How many lines in these records hold the string "leans"? State only that number.

:: Material provided ::

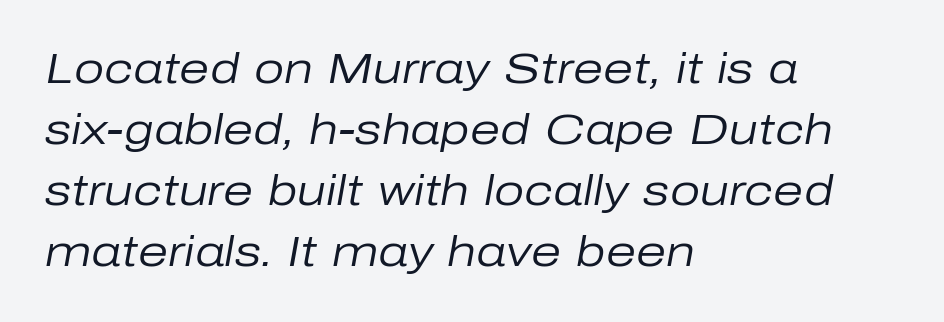
The face used here is proportionally spaced, like ordinary book or web type. Visually the block forms a straight wall on the left and a jagged coastline on the right. Unbolded letterforms with no extra heft. Regular leading. Nothing unusual about the tracking: characters are spaced as the font intends. Rule under the text: the space is simply empty.
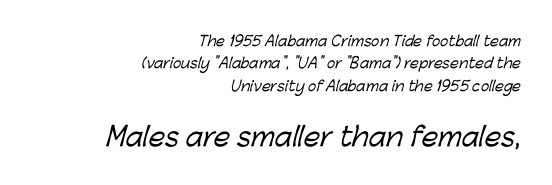
{"underline": "no", "align": "right", "line_spacing": "normal", "line_spacing_ratio": 1.59, "letter_spacing": "normal", "letter_spacing_em": 0.0, "larger_block": "second", "size_ratio": 1.86, "glyph_px": 26}
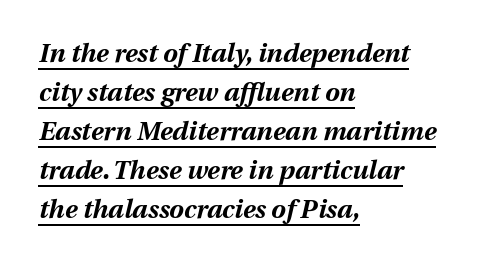
Q: Is the text bold? A: Yes.
Q: Is the text italic (slanted)? A: Yes, it leans right by about 12 degrees.
Q: Is the text underlined? A: Yes.
Q: How is the paragraph aligned? A: Left-aligned.
Q: Is the spacing between letters normal or unusually wide? A: Normal.
Q: Is the spacing between lines tight, normal or loose? A: Normal.
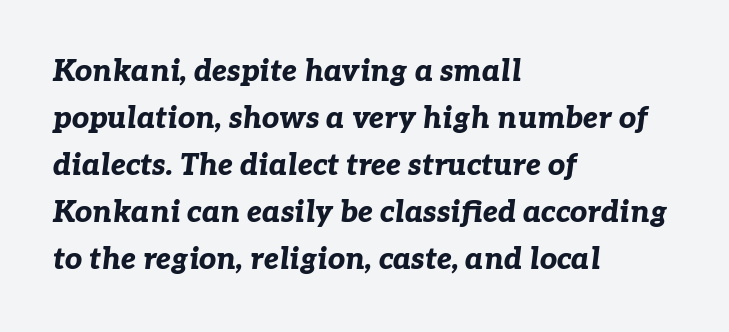
Q: Is the text bold? A: Yes.
Q: Is the text italic (slanted)? A: Yes, it leans right by about 7 degrees.
Q: Is the text underlined? A: No.
Q: How is the paragraph aligned? A: Left-aligned.
Q: Is the spacing between letters normal or unusually wide? A: Normal.
Q: Is the spacing between lines tight, normal or loose? A: Normal.
Q: Width (condensed, normal, or wide)? A: Normal.
Q: Stroke contrast? A: Low.
Q: x-height? A: Medium.
Q: Monospaced? A: No.
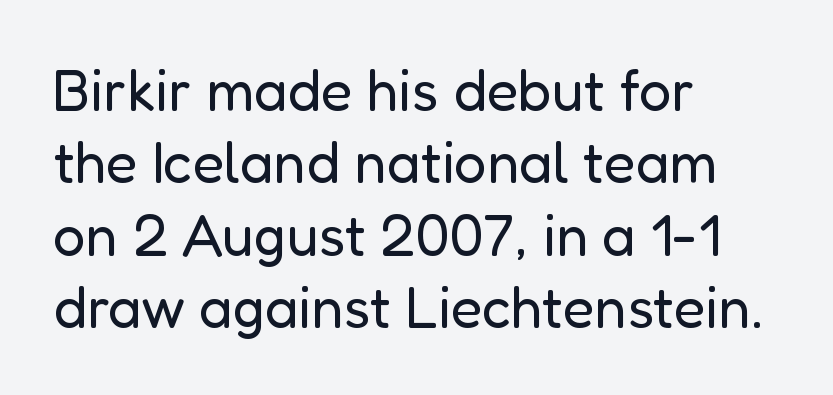
Is this a sans? Yes — the strokes have no serifs. Do the letters lean? They stand straight. Standard letterfit; no display-style spreading of the glyphs. Think of a printed novel: that variable character pitch is what you see here. The lines are quadded left.
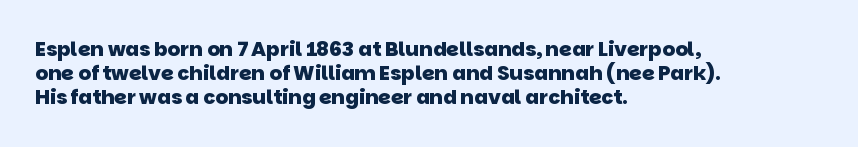
Q: Is the text bold? A: Yes.
Q: Is the text underlined? A: No.
Q: How is the paragraph aligned? A: Left-aligned.
Q: Is the spacing between letters normal or unusually wide? A: Normal.
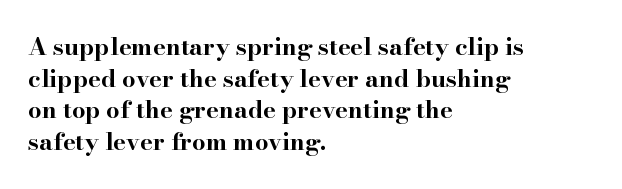
The image shows 24 px bold type, upright; set left-aligned, normal line spacing (1.32x), normal letter spacing, not underlined.
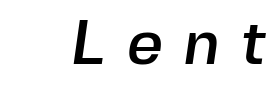
Nope, no serifs anywhere on these letters. The face used here is proportionally spaced, like ordinary book or web type. The letterforms stand isolated, each surrounded by extra space. The baseline area is clear.
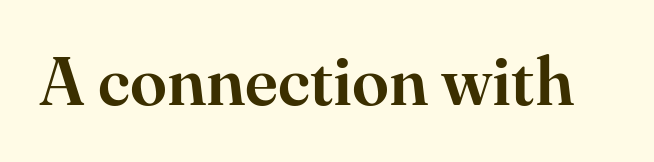
The image shows 67 px serif type, upright; set normal letter spacing, not underlined; high stroke contrast and a small x-height.
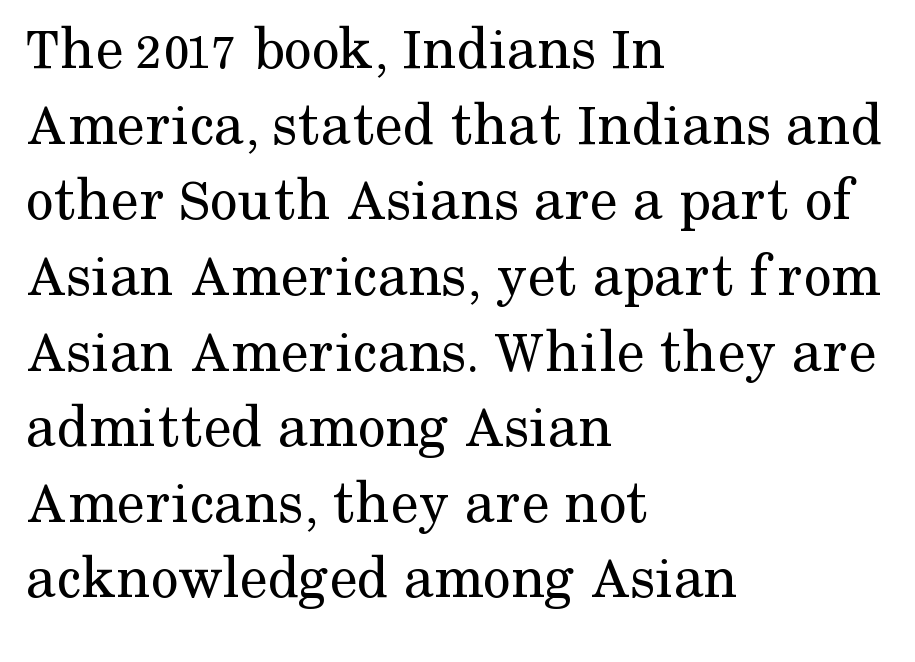
The image shows 62 px regular-weight serif type, upright; set left-aligned, line spacing 1.22x, normal letter spacing, not underlined; medium stroke contrast and a medium x-height.
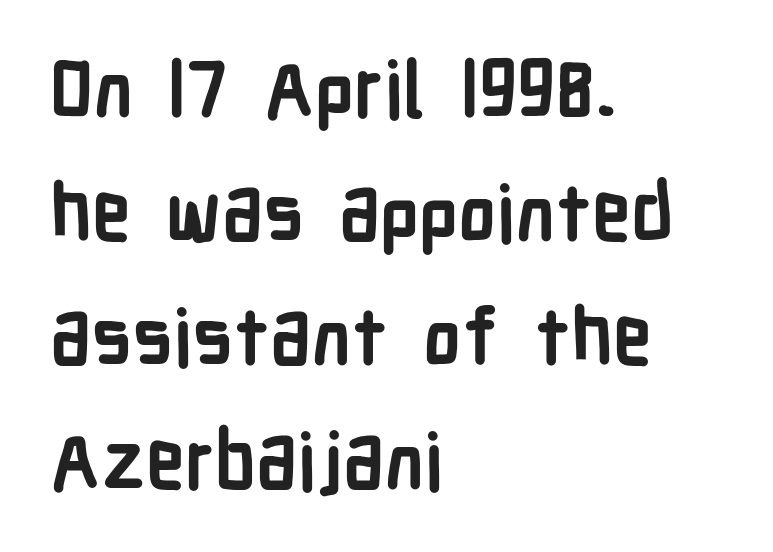
Think of a printed novel: that variable character pitch is what you see here. When letters stand straight like this, we call the style roman or upright. The passage shown stacks its lines at a standard gap. Has an underline been added? It has not.
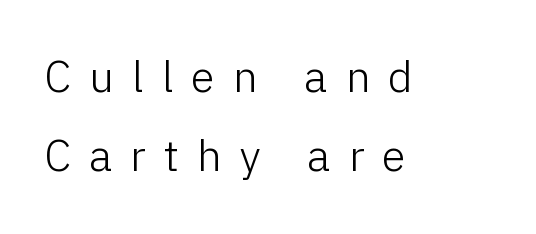
Q: Is the text bold? A: No.
Q: Is the text italic (slanted)? A: No, it is upright.
Q: Is the typeface a serif or a sans-serif typeface? A: Sans-serif.
Q: Is the text underlined? A: No.
Q: How is the paragraph aligned? A: Left-aligned.
Q: Is the spacing between letters normal or unusually wide? A: Unusually wide.
Q: Width (condensed, normal, or wide)? A: Normal.
Q: Stroke contrast? A: Low.
Q: x-height? A: Medium.
Q: Monospaced? A: No.
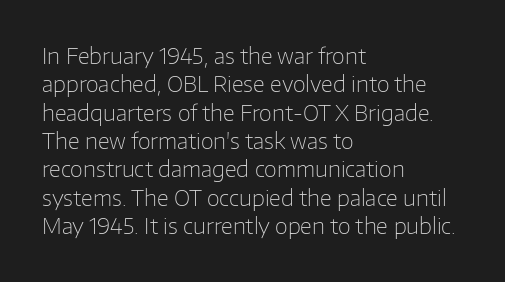
The image shows 21 px text type, upright; set left-aligned, normal line spacing (1.35x), normal letter spacing, not underlined.
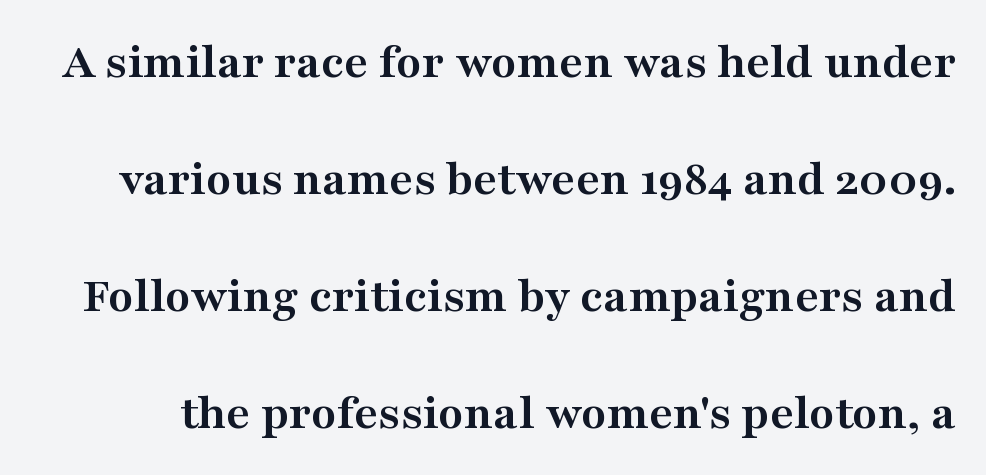
The image shows 52 px semibold, wide serif type, upright; set loose line spacing (2.25x), normal letter spacing, not underlined; medium stroke contrast and a medium x-height.

:::

» Task result: 2